What the exercise asks:
Only one stretch of the data is wanted: the line containing "he knows of", the line containing "addition to his", and every line between them, copied exactly.

(Beginning of Records for the task)

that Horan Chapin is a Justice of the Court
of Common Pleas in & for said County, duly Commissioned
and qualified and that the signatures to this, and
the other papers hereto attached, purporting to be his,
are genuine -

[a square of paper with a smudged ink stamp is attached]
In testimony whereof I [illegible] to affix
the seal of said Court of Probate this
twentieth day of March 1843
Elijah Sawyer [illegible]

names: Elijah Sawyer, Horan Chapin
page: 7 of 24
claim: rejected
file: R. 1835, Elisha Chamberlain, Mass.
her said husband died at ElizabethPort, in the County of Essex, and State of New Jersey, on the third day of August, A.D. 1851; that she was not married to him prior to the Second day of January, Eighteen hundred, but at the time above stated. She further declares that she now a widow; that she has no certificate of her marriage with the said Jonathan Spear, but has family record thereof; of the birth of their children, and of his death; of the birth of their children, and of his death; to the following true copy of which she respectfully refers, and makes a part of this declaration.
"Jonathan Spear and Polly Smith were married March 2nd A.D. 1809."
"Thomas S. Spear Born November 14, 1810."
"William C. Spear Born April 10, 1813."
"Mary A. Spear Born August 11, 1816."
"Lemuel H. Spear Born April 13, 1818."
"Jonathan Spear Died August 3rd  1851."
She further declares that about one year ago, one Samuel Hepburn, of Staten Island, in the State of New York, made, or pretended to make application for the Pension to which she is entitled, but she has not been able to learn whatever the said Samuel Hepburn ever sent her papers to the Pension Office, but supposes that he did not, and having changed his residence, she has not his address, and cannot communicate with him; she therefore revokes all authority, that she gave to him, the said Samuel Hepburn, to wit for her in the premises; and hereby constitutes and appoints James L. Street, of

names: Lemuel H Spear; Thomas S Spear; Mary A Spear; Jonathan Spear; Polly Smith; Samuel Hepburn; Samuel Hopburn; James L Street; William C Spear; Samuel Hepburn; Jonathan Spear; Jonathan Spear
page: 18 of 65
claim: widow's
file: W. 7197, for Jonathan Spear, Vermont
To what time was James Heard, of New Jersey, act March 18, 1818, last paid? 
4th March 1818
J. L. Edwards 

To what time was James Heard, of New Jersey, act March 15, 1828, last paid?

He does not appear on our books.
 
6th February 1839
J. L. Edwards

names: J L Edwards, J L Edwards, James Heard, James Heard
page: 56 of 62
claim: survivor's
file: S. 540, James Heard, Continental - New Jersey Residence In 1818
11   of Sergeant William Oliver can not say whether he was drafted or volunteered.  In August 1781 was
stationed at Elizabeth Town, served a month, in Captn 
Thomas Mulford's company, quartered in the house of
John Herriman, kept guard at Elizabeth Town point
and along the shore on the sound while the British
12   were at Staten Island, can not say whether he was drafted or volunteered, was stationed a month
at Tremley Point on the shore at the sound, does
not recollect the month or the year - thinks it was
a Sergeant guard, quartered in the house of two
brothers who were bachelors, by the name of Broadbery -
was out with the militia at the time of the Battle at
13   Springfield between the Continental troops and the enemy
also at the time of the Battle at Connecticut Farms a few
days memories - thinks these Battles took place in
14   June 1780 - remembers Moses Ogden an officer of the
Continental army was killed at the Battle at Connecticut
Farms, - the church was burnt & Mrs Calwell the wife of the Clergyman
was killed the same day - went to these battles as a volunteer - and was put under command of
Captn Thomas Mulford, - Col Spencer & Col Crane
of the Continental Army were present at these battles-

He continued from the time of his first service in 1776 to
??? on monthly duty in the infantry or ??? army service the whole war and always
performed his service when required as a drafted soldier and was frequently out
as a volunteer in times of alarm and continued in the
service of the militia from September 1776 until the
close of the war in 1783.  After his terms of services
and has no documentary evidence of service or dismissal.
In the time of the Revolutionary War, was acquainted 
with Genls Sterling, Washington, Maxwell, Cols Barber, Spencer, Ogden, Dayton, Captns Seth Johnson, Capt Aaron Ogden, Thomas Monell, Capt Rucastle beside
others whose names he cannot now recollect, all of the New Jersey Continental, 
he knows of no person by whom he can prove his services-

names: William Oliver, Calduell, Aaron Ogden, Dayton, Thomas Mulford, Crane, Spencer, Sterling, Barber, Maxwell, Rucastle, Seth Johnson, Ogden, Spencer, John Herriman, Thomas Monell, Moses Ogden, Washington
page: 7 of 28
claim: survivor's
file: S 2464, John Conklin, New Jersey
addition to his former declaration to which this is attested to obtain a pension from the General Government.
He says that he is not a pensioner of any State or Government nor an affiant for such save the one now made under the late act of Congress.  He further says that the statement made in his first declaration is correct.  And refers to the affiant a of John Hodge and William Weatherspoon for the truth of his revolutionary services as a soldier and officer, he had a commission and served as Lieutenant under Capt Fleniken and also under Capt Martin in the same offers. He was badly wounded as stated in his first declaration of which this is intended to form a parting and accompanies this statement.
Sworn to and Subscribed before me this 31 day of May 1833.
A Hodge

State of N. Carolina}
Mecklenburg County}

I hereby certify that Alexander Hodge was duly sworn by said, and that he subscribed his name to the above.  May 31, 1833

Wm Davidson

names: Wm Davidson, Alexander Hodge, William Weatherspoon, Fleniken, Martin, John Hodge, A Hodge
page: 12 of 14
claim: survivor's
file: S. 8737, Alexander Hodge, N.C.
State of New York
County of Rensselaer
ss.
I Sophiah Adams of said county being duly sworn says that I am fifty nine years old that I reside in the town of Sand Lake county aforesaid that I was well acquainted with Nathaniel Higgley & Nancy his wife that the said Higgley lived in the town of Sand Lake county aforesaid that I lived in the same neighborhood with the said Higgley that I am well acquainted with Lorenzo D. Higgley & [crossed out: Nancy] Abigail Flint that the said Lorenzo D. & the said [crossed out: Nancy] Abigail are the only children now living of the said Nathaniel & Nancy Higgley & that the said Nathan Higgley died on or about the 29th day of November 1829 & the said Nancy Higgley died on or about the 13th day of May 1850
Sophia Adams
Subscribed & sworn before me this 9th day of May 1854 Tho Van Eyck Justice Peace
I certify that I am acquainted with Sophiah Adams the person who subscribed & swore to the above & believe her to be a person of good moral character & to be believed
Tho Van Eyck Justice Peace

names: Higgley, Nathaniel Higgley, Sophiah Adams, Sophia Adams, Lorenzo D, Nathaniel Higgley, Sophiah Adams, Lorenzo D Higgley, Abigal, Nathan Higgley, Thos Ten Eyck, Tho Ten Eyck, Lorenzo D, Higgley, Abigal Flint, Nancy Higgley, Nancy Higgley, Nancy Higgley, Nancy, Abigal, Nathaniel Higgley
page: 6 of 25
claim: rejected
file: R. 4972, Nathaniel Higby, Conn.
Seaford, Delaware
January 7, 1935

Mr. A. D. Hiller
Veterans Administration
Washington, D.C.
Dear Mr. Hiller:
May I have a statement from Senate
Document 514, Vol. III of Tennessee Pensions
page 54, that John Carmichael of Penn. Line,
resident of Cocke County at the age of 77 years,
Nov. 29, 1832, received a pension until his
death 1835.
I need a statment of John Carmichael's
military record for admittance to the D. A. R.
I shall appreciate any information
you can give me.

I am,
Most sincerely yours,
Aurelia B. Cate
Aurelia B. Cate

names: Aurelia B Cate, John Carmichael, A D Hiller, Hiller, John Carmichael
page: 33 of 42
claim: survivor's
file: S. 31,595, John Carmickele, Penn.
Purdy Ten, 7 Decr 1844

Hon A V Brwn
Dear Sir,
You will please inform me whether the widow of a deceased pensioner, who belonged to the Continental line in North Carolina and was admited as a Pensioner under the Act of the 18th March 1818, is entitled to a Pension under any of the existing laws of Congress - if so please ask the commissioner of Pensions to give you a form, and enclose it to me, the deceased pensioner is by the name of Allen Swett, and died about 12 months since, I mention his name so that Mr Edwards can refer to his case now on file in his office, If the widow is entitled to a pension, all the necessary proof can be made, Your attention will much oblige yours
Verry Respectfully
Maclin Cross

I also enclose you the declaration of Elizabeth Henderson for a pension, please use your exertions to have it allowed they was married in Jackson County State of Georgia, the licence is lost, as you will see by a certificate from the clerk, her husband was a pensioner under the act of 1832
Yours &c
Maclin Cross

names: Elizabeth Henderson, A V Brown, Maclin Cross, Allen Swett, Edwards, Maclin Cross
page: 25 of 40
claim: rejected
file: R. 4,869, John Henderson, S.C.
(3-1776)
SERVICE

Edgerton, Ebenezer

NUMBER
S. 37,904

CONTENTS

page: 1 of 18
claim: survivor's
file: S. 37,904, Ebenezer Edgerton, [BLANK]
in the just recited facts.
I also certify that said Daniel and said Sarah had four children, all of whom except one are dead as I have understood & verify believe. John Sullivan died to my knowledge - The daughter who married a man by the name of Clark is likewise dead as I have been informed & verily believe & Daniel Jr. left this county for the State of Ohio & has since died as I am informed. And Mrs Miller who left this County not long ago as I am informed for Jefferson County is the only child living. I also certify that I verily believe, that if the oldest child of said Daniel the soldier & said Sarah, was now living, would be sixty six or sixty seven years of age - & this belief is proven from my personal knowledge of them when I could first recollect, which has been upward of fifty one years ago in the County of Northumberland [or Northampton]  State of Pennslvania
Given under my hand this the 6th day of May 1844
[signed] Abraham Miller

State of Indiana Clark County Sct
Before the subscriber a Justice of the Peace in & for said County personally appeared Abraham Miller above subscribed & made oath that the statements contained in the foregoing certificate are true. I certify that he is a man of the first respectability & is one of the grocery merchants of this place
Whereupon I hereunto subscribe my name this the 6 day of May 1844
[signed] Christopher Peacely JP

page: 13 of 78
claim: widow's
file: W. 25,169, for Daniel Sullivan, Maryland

(End of Records for the task)

Solved problem:
he knows of no person by whom he can prove his services-

names: William Oliver, Calduell, Aaron Ogden, Dayton, Thomas Mulford, Crane, Spencer, Sterling, Barber, Maxwell, Rucastle, Seth Johnson, Ogden, Spencer, John Herriman, Thomas Monell, Moses Ogden, Washington
page: 7 of 28
claim: survivor's
file: S 2464, John Conklin, New Jersey
addition to his former declaration to which this is attested to obtain a pension from the General Government.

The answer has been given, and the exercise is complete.